Called by: Execution Policy in Orchestrator

Intent Classifier

Task: Responsible for domain classification. Also contains a fallback classifiers for intent and question classification. Given a user utterance, it can classify what the domain is (i.e. Cooking or DIY or Undefined).

Called by: various policies in Orchestrator

Joke Retriever

Functionality: Retrieves jokes via keyword.

Called by: chitchat_policy in Orchestrator

LLM Chit Chat

Task: If the user utterance is classified as chit chat, this module calls the LLM to generate an appropriate response. It also processes the response and handles timeouts by the LLM or the LLM being down.

Called by: chitchat_policy in Orchestrator

LLM Description Generation

Task: Given a task name and its requirements, we call the LLM to generate a description that describes the task. For example, this could be a description for a recipe viewed on the overview page.

Called by: staged_enhancer in external_functionalities

LLM Ingredient Substitution

Task: If the QA module detects a replacement request (e.g. "can you replace the onions"), we answer with QA as normally. This module uses the LLM to parse the QA response into name and amount with the LLMIngredientSubstitutionGenerator. We then use a mix of rules and SpaCy to replace the original ingredient with the new ingredient with the help of the LLMIngredientStepTextRewriter, which rewrites step texts and recipe ingredients.

Called by: substitution_helper in /qa/ functionality.

LLM Proactive Question Generation

Task: Based on task name, previous step and next step we generate proactive questions that the system can ask. The goal is to generate a question about their experience with one of the previous steps or how the results turned out. This is done by prompting the LLM.

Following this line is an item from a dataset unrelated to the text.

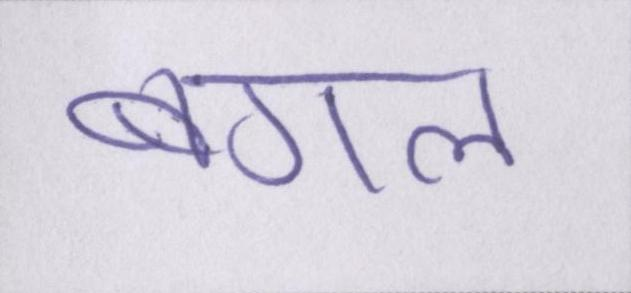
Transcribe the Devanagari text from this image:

Called by: staged_enhancer in external_functionalities

LLM Summary Generation

Task: Given a task step and all more details available for a step, we use the LLM to condense the information to create a step of better length. We do this live since this is a computationally expensive step.

Called by: staged_enhancer in external_functionalities

Personality

Task: This module is used for FAQs that convey a personality. If you want a standard response to certain phrases, this is where the QA pairs go.

Called by:

QA

Task: Given a user question, we generate an appropriate response. This module combines calling a few of different QA modules, including:

  • IntraTaskMapQA - calling neural_functionalities
  • GeneralQA - calling neural_functionalities
  • LLMQA - calling llm_functionalities

The composed_qa module manages calling the submodules and ranks responses. The substitution_helper module is used to handle replacement requests as described in LLM Ingredient Substitution.

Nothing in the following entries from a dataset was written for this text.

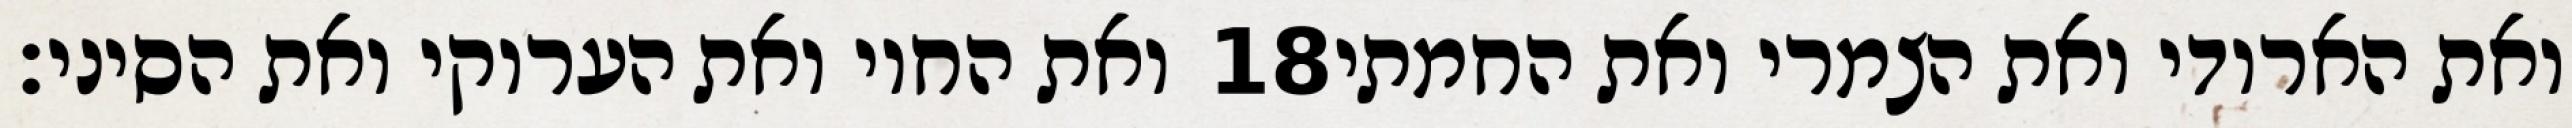
ואת החוי ואת הערוקי ואת הסיני׃ ‎18‏ ואת הארודי ואת הצמרי ואת החמתי
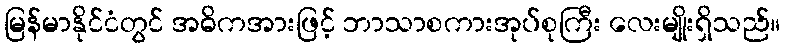
မြန်မာနိုင်ငံတွင် အဓိကအားဖြင့် ဘာသာစကားအုပ်စုကြီး လေးမျိုးရှိသည်။
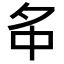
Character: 𡖌
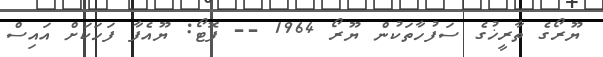
ޔޫރޯގެ ތާރީޚުގެ ސަފުހާތަކުން ޔޫރޯ 1964 -- ފޮޓޯ: ޔޫއެފާ ފަހަކަށް އައިސް
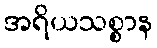
အရိယသစ္စာန
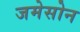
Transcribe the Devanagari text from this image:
जमेसोन
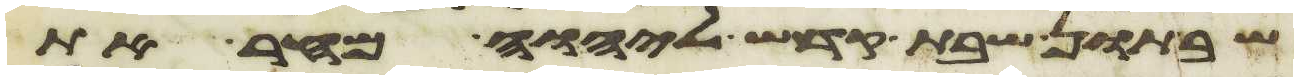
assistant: שבתון שבת קדש ליהוה מחר את
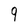
Character: 9
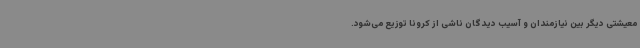
معیشتی دیگر بین نیازمندان و آسیب دیدگان ناشی از کرونا توزیع می‌شود.
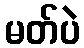
မတ်ပဲ

Called by: qa_policy in Orchestrator

Query Builder

Task: Given a user session, we run some basic cleaning and tokenization on the parts of the session that need to be part of the search query. Similarly, this module also builds theme queries.

Called by: planner policy and theme_policy in Orchestrator

Safety Check

Task: Given an utterance, we want to check it for privacy, sensitivity and dangerousness. We also check if it contains offensive words or can be considered suicidal.

Called by: phased_policy in Orchestrator

Searcher

Task: Given a session, find and return a task that matches the user's information need. This is done with different search indices, searching algorithms and a reranker. This is one of the most important system functionalities.

Called by: various policies of the Orchestrator

Task Manager

Task: Given a NDP task system action classification (like go to step 3, telling a joke, telling more details), this module handles scheduling new nodes from the TaskGraph. It acts as the interface between system and TaskGraph.

Called by: various policies of the Orchestrator (those that handle task progression, aka validation, execution and farewell)


Required models and offline artefacts for functionalities

Upon spinning up, the container downloads required models and offline artefacts. If you want to define new models or artefacts, edit the download configuration in functionalities/downloads.toml.